Originally posted by doodinthemoodExplain... If you start from A and go to B, C, and then D, you want B & C to be messed up and D to be the solution. But then if you start from B, then after two steps you are at D, which is not messed up...
Can someone provide an algorithm order 3 for rubik's cube that looks messed up after 2?
I.E. The algorithm is performed twice, and the cube looks messed up, then it is performed a third time, and this solves the cube.
Thanks if you can.
OK, so the algorithm must have a memory - what you do next can't be only a function of the current situation - you must remember where you came from.
But then,' you have a simple algorithm:
counter = 1
x:
if counter < 3 then mess up the cube else solve the cube by some known algorithm and stop
counter = counter + 1
go to line x
Without cheating like this you have the problem I explained in the first paragraph.
There are two sets of cubies to consider for this. Edge cubies with 2 stickers and corner cubies with 3 stickers.
For any algorithm, you'll that there are a number of cubies moving to other spots, and possibly reorienting in the process.
For example, Cubie A might move to B's spot, which is now in C's spot but flipped, which is in D's spot, which is in A's spot, flipped.
For an Algorithm of Order 3, the following would need to be true.
1) Displacement of edge cubies would need to be in sets of 3 edge cubies, in such a way that there is an even number of flips for each set. No edges flipping without moving would be possible.
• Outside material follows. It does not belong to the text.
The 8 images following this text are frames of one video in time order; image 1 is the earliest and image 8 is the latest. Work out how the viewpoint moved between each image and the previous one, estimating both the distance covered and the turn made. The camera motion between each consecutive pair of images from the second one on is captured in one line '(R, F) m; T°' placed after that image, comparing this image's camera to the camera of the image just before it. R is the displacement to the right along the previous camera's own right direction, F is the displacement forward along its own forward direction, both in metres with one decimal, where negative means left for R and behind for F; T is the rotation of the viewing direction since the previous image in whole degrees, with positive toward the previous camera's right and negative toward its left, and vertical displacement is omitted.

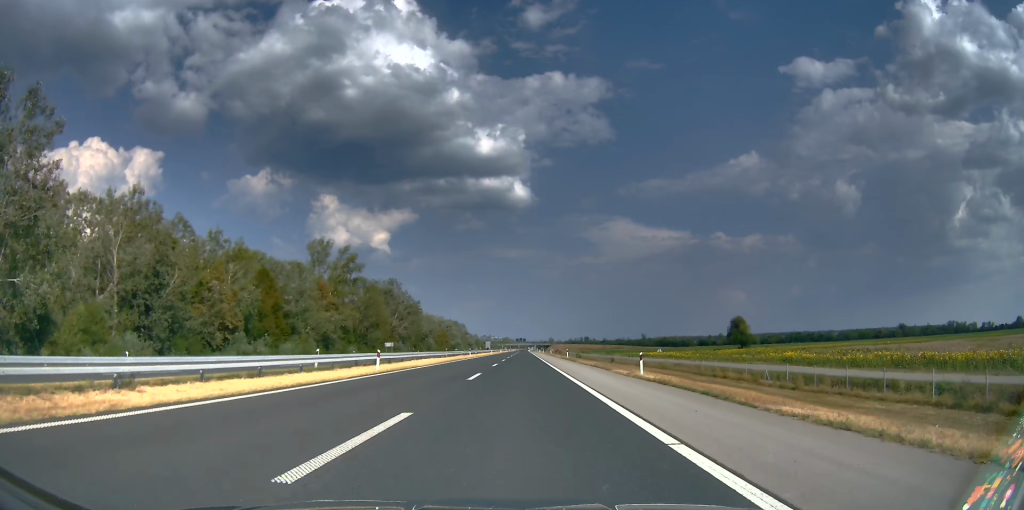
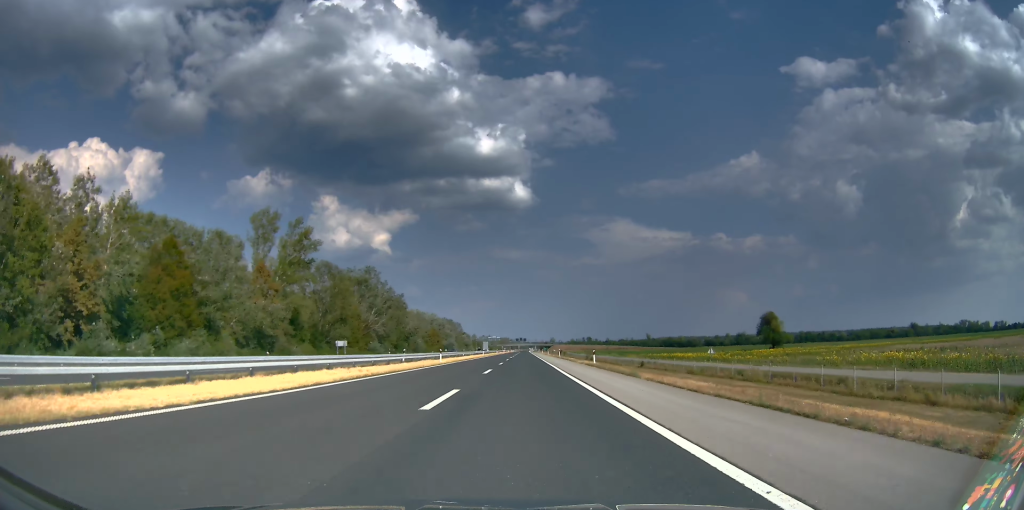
(-0.1, +24.0) m; 0°
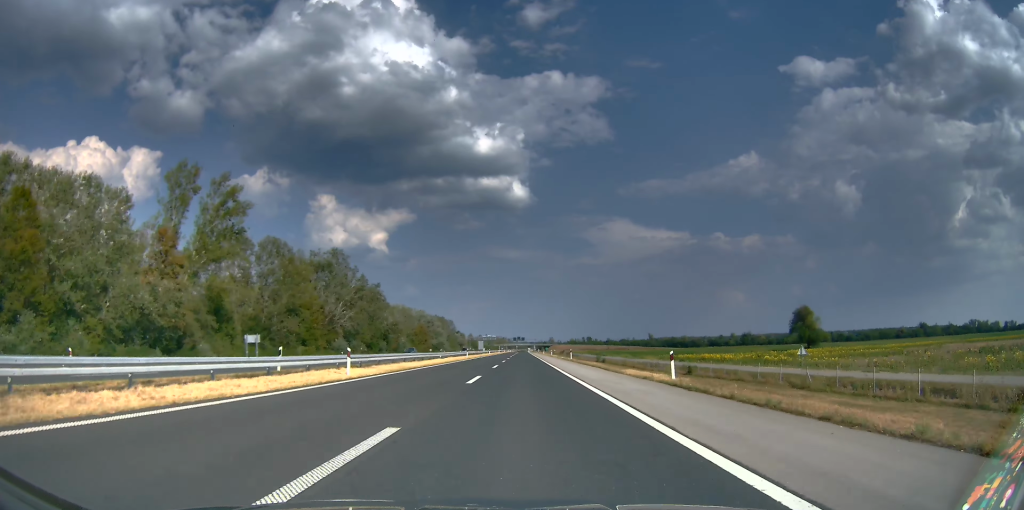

2) Displacement of corner cubes would similarly need to be in sets of 3. Cubies would need to return to same orientation after 3 repetitions. It could be possible for corners to rotate in place.
I know there's at least one I use, but I'll have to check to find it.
EDIT: I thought of one very simple order 3 algorithm although it doesn't do a lot of mixing to be honest.
R2U'R'U'RURURU'R'
EDIT 2:
RL'FB'UD'RL' is also of order 3 and is used for the "6 Boxes" pattern.